Next post: Cellular Auto

Strangeparse

Let's say I want to be able to parse an arbitrary expression like
f(f( a + f(a * b * f(c))))

where a, b,c are variables, and f is some function. I want to make a parse tree. Last night I thought of a very unorthodox way to do this.

I know about yacc/lex, pyparsing, and Python's ast. However, for what I have in mind this is all I need:
  • Python supports overloading operators.
  • Python has an "eval" ability to dynamically run code.
My idea is to create Python objects for f, a, b, c, and then *eval* the expression as if it were Python code(!)

The objects I create will have their operators overloaded so that a+b, for example, returns an expression like ['+', a, b]. And in the end, I'll get a parse tree just like I wanted.
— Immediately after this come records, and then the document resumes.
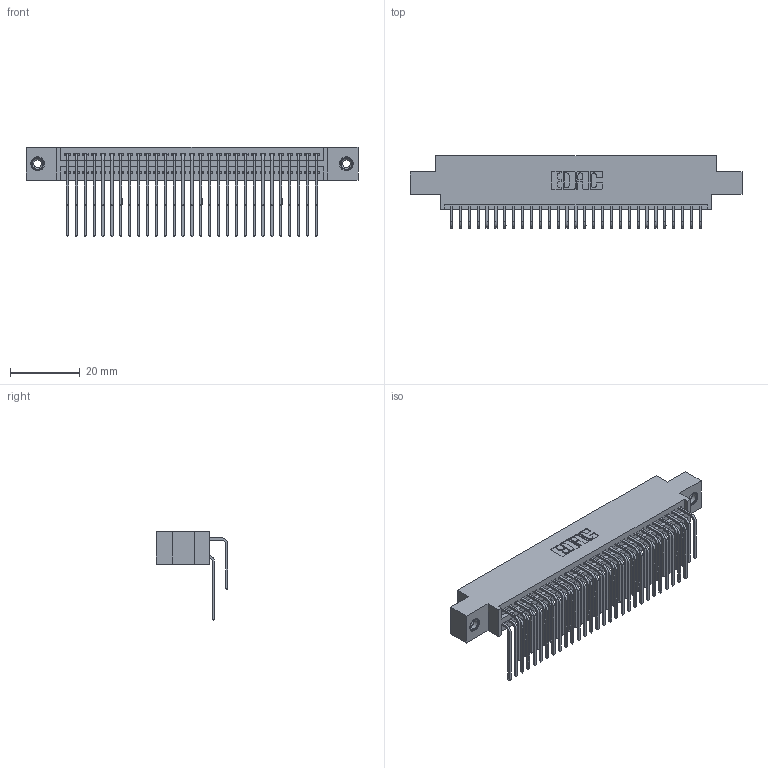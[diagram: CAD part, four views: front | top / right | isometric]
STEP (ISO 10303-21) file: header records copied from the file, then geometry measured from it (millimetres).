
FILE_DESCRIPTION (( 'STEP AP203' ), '1' );
FILE_NAME ('395-058-559-808.STEP', '2018-11-23T06:12:25', ( '' ), ( '' ), 'SwSTEP 2.0', 'SolidWorks 2016', '' );
FILE_SCHEMA (( 'CONFIG_CONTROL_DESIGN' ));
Length unit declared in the file: inch
Products named in the file (5): 345-292-001_558 559 Tail - 1; 345-250-001_345-250-003-102; 345 Part_0.170 Offset - 0.156 Dia-TI; 345-292-001_559 Tail - 2; 395-058-559-808
Assembly tree (61 placements, depth 2):
  395-058-559-808
    345 Part_0.170 Offset - 0.156 Dia-TI
    345-292-001_558 559 Tail - 1  x29
    345-292-001_559 Tail - 2  x29
    345-250-001_345-250-003-102  x2
Bounding box: 94.87 x 20.56 x 25.53 mm (x, y, z)
Volume: 9309.7 mm3; surface area: 15239.7 mm2
Topology: 61 solids, 61 shells, 3206 faces, 9479 edges, 6234 vertices
Faces by surface type: plane 2146, cylinder 1044, cone 12, torus 4
Entity records: 27474 total; most frequent: CARTESIAN_POINT 4646, ORIENTED_EDGE 4522, DIRECTION 4111, EDGE_CURVE 2261, VECTOR 1953, LINE 1953, VERTEX_POINT 1500, AXIS2_PLACEMENT_3D 1079

Here's an example that supports addition, multiplication, and functions taking any number of arguments. (Adding the rest of the operators is simple).
class FunctionSymbol:
  def __init__(self, name):
    self.name = name
  def __call__(self, *args):
    return SubExp(self, list(args))
  def __str__(self):
    return 'FN_'+self.name

class VariableSymbol:
  def __init__(self, name):
    self.name = name
  def __add__(self, other):
    return SubExp('OP_ADD', [self, other])
  def __mul__(self, other): 
    return SubExp('OP_MULT', [self, other])
  def __str__(self):
    return 'VAR_'+self.name

class SubExp(VariableSymbol):
  def __init__(self, op, args):
    self.op = op; self.args= args
  def __str__(self):
    return str(self.op) + '(' + ','.join(map(str, self.args)) + ')'

def strangeparser(s):
  #parse something by evaluating it as if it were Python code
  symbols = {}
  #create objects for the symbols in the string 
  snospace = s.replace(' ','').replace('\t','') + ' '
  import re
  for match in re.finditer('[a-zA-Z_]+', snospace):
    strfound = match.group()
    if strfound not in symbols:
      #assume that if the next character is "(", then it is a function
      if snospace[match.end()]=='(':
        symbols[strfound] = FunctionSymbol(strfound)
      else:
        symbols[strfound] = VariableSymbol(strfound)
  # evaluate it
  try: 
    return eval( s , globals(), symbols )
  except Exception, e: 
    print 'Could not parse. %s' % str(e)
    return None
  
def main():
  tree = strangeparser('f(f( a+f(a * b * f(c))))')
  print tree
  # it works!

I could even use this to write a compiler -- I wrote another script to turn the tree into this,
input:
 f(f( a+f(a * b * f(c))))

output:
 i1=OP_MULT(a,b);
 i2=FN_f(c);
 i3=OP_MULT(i1,i2);
 i4=FN_f(i3);
 i5=OP_ADD(a,i4);
 i6=FN_f(i5);
 i7=FN_f(i6);
 return i7;

I'm currently working on a way to conserve the temporary variables used here, because there is probably a way to reuse them after they aren't needed. What I do is go down to the bottom of the tree, find something that can be evaluated, and replace that deepest node with a temporary variable. I then repeat that process until the whole tree has been "flattened".

The code has been added to GitHub here under the GPLv3.